▸ **What to work on**:
Omitting all images, transcribe the listing word for word.
Raw data START
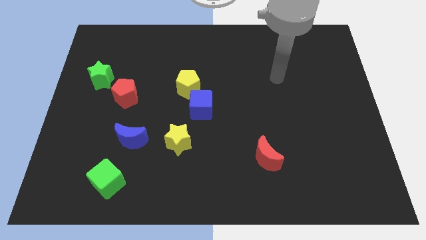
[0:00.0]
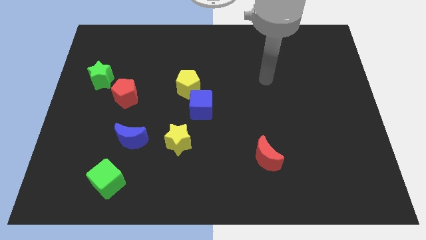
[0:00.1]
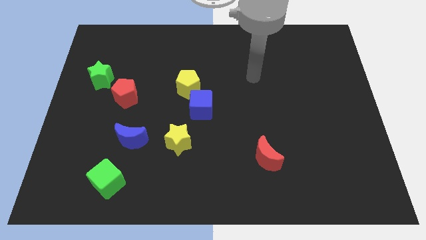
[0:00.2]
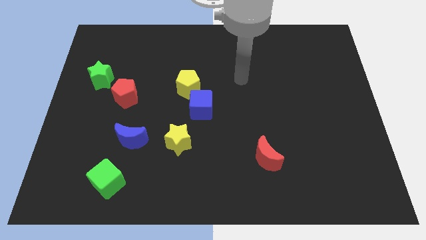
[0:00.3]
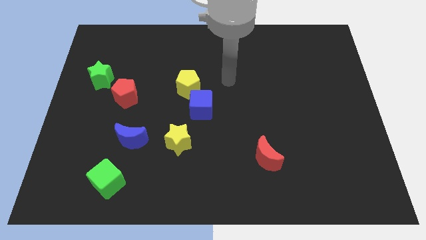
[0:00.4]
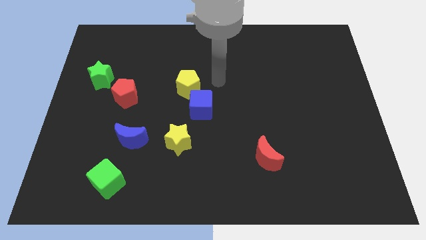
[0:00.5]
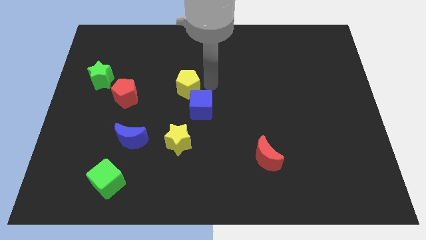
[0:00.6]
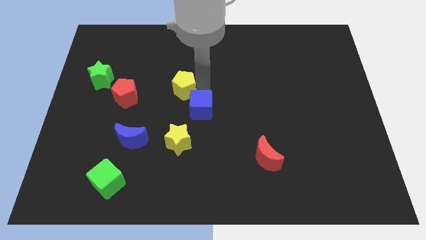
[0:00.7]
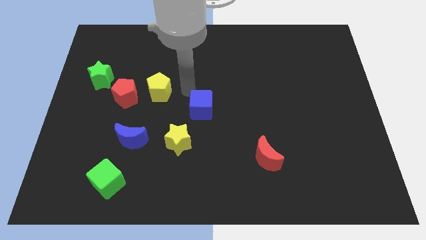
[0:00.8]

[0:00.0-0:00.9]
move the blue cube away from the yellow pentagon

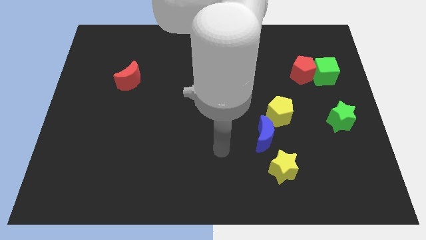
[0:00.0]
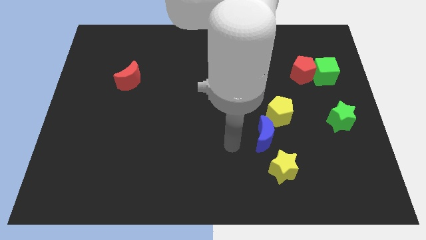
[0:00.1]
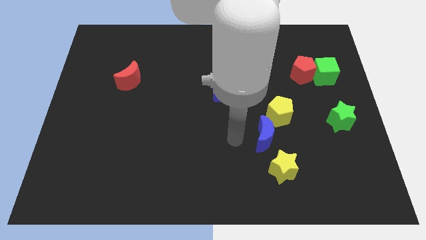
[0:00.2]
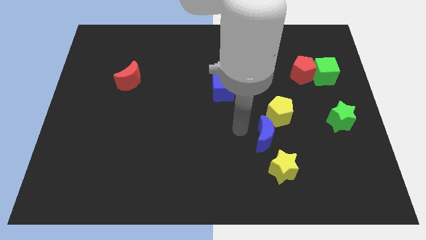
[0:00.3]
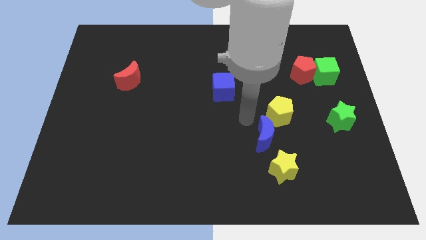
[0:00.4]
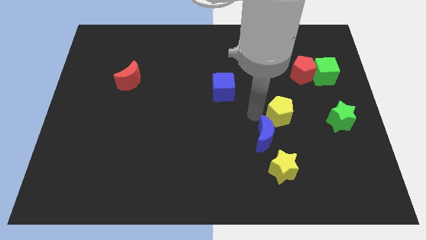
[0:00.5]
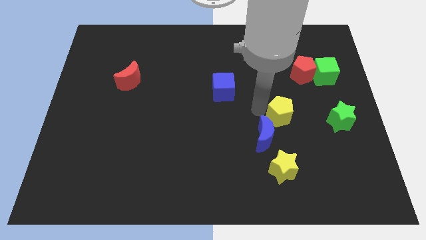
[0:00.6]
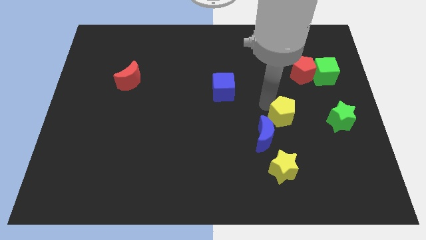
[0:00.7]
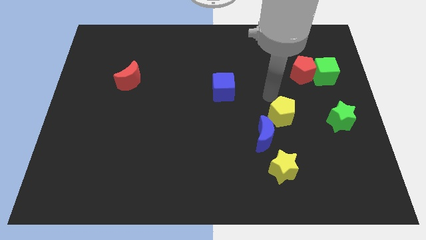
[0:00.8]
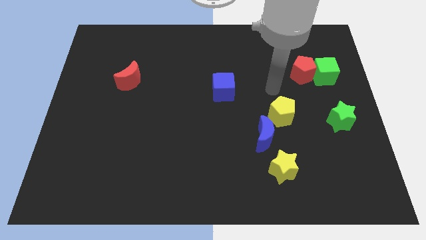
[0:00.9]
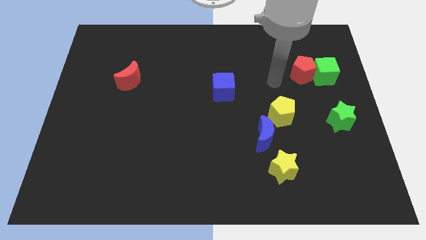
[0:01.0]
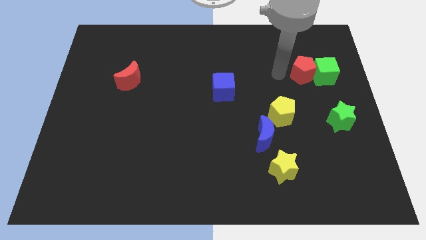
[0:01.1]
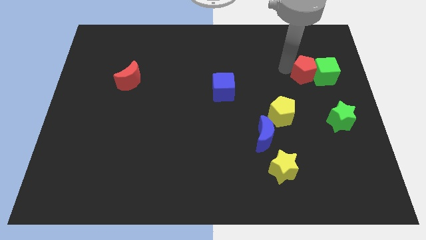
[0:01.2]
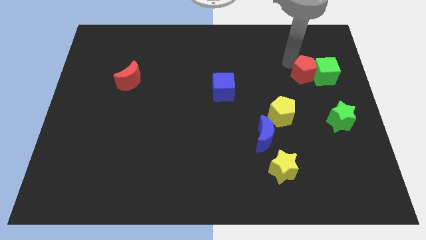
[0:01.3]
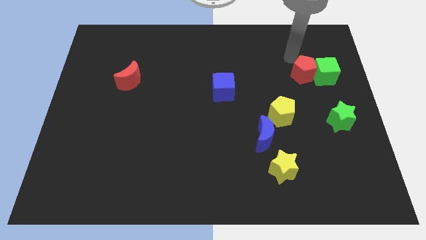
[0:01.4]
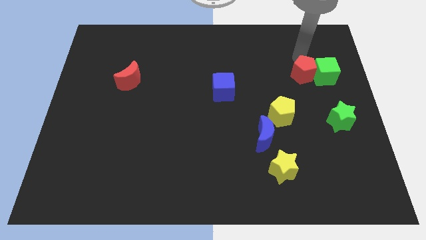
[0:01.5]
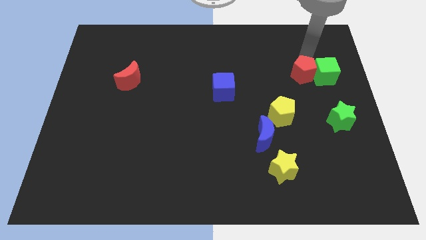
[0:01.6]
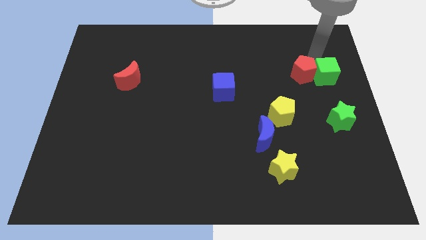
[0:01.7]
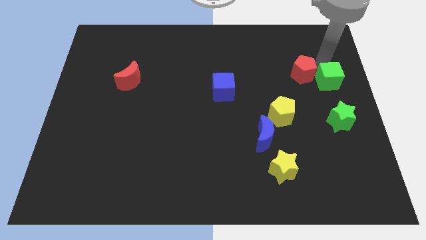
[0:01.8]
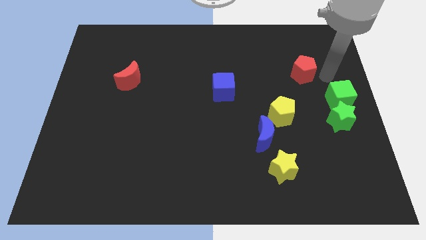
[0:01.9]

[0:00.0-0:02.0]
Raw data END
▸ **Exercise output**:
[0:00.0]
[0:00.1]
[0:00.2]
[0:00.3]
[0:00.4]
[0:00.5]
[0:00.6]
[0:00.7]
[0:00.8]

[0:00.0-0:00.9]
move the blue cube away from the yellow pentagon

[0:00.0]
[0:00.1]
[0:00.2]
[0:00.3]
[0:00.4]
[0:00.5]
[0:00.6]
[0:00.7]
[0:00.8]
[0:00.9]
[0:01.0]
[0:01.1]
[0:01.2]
[0:01.3]
[0:01.4]
[0:01.5]
[0:01.6]
[0:01.7]
[0:01.8]
[0:01.9]

[0:00.0-0:02.0]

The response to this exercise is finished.